Problem to solve =
Go through the listing and copy each line that has the string "http" in it.

Given information Start Marker

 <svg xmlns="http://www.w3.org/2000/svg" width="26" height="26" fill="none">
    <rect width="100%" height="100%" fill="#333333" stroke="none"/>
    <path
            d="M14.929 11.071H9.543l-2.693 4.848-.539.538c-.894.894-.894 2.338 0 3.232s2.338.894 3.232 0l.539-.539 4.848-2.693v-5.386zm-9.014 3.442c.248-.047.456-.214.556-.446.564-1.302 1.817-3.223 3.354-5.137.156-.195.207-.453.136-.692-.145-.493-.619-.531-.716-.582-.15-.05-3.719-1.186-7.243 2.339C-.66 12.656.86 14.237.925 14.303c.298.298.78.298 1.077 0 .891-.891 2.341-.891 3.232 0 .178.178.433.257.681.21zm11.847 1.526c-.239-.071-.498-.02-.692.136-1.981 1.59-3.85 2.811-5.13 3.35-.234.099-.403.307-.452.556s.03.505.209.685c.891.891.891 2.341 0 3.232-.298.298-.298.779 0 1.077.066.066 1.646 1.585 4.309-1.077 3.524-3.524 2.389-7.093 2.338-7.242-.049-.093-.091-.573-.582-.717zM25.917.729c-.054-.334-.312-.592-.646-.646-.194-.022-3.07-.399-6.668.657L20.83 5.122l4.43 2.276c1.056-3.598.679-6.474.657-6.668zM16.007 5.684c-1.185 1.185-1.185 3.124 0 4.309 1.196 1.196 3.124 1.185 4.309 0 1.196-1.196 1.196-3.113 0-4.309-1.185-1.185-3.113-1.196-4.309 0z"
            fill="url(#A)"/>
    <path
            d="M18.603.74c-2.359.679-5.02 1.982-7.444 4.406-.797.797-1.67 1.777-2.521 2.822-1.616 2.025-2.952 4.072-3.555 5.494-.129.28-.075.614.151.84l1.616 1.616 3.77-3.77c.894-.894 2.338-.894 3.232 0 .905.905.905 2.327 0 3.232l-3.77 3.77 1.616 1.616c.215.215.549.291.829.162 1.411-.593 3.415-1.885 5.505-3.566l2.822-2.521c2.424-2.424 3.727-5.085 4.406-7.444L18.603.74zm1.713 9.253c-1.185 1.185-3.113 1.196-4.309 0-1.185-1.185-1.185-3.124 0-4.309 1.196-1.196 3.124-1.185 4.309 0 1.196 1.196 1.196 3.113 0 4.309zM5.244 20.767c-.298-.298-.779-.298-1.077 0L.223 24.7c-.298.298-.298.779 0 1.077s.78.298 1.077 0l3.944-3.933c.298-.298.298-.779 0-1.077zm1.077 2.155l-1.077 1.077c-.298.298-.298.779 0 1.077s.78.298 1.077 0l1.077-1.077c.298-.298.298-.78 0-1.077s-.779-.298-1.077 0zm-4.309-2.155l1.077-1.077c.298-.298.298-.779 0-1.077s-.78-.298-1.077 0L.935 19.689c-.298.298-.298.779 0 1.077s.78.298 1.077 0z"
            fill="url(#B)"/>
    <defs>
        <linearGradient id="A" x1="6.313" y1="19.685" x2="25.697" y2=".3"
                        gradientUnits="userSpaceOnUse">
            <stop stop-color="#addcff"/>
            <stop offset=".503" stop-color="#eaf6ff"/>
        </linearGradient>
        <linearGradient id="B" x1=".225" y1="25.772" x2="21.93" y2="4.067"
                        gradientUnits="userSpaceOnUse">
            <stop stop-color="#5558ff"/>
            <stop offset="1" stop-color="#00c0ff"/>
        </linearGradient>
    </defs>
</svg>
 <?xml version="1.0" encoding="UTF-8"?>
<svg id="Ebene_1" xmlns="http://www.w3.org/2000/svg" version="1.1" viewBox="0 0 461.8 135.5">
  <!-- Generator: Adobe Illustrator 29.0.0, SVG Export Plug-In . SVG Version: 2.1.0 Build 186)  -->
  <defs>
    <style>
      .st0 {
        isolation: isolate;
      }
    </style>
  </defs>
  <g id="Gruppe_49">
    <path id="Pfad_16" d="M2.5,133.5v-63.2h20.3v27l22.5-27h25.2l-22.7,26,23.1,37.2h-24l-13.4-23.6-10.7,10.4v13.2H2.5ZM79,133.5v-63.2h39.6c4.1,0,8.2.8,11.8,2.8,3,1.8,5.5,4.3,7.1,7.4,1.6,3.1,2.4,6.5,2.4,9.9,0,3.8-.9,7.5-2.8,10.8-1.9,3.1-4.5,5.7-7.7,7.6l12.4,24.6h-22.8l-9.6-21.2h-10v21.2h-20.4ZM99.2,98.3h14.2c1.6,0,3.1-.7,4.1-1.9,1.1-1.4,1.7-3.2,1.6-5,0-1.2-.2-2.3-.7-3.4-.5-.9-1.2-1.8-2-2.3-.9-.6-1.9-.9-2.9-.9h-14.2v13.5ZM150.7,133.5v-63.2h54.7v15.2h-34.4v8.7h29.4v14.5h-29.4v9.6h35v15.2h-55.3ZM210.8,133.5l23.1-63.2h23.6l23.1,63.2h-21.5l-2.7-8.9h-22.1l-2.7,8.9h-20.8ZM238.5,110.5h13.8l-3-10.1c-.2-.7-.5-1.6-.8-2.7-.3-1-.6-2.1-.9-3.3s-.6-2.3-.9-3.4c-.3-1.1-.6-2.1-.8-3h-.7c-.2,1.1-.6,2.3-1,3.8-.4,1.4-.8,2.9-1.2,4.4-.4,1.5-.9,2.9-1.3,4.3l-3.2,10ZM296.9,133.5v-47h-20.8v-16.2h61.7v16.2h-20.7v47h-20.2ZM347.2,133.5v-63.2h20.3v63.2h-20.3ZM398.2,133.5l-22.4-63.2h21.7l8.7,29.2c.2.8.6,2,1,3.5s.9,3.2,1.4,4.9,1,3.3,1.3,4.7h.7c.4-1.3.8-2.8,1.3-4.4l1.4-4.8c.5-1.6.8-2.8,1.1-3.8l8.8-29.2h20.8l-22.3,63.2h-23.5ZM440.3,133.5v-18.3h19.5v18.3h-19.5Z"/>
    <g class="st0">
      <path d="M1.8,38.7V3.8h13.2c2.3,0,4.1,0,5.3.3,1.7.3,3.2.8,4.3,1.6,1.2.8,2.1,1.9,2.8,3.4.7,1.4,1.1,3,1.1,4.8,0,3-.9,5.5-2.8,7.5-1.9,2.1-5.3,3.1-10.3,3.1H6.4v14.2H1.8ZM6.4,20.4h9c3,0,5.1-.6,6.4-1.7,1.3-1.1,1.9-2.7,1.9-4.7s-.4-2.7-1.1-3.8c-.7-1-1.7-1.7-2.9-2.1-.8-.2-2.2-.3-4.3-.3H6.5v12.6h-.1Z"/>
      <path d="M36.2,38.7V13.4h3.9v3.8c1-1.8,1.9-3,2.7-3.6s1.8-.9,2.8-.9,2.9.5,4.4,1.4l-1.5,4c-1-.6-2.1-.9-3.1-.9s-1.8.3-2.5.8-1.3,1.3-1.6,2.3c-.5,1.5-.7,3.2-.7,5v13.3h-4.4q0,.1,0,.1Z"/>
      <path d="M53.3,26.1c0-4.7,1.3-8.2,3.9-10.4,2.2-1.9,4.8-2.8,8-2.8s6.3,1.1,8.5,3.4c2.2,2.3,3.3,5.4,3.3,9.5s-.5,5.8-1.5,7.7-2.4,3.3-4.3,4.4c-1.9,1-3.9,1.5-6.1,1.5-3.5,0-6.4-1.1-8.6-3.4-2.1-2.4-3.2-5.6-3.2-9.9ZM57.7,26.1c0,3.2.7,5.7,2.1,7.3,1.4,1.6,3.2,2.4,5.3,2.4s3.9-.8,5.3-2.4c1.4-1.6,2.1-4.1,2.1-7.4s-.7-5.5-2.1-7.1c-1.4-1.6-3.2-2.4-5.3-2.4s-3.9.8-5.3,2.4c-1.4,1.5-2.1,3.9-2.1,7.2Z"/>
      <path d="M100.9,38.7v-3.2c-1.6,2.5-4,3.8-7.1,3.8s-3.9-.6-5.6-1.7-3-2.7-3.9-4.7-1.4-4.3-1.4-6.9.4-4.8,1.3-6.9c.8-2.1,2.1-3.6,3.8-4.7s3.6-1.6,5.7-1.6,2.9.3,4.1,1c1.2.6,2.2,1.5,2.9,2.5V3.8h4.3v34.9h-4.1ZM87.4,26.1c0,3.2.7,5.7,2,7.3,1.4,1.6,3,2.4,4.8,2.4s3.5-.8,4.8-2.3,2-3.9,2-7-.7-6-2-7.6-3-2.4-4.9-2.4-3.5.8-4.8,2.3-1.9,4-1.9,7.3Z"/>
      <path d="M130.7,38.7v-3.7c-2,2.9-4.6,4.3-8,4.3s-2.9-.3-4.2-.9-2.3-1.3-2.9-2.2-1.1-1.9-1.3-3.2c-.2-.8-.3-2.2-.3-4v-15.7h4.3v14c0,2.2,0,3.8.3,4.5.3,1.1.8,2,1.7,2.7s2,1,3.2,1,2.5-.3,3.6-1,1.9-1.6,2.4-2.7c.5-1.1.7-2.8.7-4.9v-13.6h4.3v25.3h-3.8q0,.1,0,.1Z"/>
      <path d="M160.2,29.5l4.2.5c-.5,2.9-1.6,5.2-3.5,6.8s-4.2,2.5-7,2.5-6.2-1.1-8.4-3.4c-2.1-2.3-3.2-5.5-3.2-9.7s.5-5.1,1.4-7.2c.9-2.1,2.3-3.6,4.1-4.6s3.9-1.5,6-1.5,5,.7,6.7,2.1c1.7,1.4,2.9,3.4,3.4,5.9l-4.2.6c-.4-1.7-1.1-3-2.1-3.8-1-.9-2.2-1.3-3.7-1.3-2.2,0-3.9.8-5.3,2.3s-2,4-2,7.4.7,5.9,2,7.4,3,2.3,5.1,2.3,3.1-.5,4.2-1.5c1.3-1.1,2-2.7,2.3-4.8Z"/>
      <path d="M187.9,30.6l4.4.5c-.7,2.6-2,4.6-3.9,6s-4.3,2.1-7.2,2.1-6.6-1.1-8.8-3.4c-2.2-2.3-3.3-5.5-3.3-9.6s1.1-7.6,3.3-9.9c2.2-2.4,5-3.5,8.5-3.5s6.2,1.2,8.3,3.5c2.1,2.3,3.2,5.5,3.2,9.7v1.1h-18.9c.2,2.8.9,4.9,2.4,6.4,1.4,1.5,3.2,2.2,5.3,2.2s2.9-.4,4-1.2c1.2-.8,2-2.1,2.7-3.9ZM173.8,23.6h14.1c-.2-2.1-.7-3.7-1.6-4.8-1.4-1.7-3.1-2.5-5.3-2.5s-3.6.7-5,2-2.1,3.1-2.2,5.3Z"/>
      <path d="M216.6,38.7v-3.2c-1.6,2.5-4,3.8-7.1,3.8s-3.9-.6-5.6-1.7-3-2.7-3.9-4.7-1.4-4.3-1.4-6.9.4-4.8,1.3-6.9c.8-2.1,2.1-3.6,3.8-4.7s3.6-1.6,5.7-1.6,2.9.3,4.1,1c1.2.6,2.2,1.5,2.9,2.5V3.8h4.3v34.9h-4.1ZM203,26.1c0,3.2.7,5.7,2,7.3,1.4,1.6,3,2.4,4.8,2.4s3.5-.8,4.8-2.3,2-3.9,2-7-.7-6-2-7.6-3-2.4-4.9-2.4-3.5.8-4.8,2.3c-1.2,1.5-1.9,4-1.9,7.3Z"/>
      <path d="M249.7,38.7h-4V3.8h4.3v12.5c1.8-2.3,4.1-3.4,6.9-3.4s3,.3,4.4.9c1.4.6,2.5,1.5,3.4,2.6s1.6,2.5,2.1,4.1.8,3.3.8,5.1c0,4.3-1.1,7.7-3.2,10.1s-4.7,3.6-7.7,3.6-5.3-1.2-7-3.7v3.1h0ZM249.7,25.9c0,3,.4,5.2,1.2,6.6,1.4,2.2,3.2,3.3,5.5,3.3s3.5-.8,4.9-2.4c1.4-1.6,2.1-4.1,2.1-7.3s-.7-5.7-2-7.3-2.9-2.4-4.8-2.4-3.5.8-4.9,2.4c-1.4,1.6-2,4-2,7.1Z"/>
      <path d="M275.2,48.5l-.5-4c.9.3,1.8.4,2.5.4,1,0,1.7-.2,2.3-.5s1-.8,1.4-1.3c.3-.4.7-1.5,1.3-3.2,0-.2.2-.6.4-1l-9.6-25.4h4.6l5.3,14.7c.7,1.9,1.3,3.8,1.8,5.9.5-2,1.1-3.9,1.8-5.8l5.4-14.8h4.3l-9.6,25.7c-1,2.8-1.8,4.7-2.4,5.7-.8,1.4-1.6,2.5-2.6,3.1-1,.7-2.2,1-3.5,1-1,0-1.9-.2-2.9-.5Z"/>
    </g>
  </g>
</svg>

Given information End Marker

Answer below =
 <svg xmlns="http://www.w3.org/2000/svg" width="26" height="26" fill="none">
<svg id="Ebene_1" xmlns="http://www.w3.org/2000/svg" version="1.1" viewBox="0 0 461.8 135.5">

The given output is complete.